You just enrolled in your company 401(k), and then a coworker mentions she also puts money into a Roth IRA. So you wonder: can I contribute to both a 401k and a roth ira in the same year, or do you have to pick one? Here is the short answer: yes, you can fund both in the same tax year, and for a lot of people that combination is the single best retirement move available. But there is a catch, and it has nothing to do with your 401(k).
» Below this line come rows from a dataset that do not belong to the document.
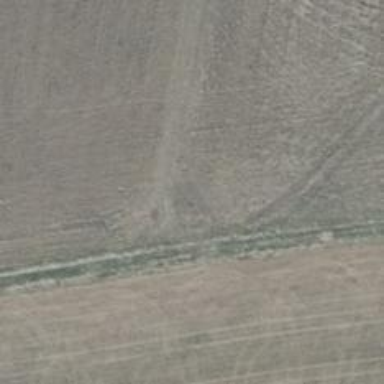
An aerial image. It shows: Track with very rough surface.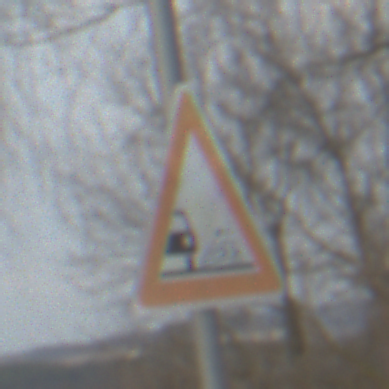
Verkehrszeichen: SplittSchotter
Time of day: MorningAfternoon
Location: Outdoor (Nature)
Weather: PartlyCloudy
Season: Autumn
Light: Natural
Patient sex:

It is your income.

Let me walk you through the two separate limit buckets, the income phase-out that quietly disqualifies higher earners from a Roth IRA, and exactly how the math works with plausible numbers. By the end you will know whether you qualify and roughly how much you can put in.

Why a 401(k) and a Roth IRA Don't Compete

The most common beginner mistake is assuming these accounts share one limit. They do not. A 401(k) is an employer-sponsored plan funded straight from your paycheck. An IRA, including a Roth IRA, is an individual account you open yourself at a brokerage. The IRS sets the contribution caps separately, so the real question behind having a 401k and an IRA at the same time is two independent decisions stacked on top of each other.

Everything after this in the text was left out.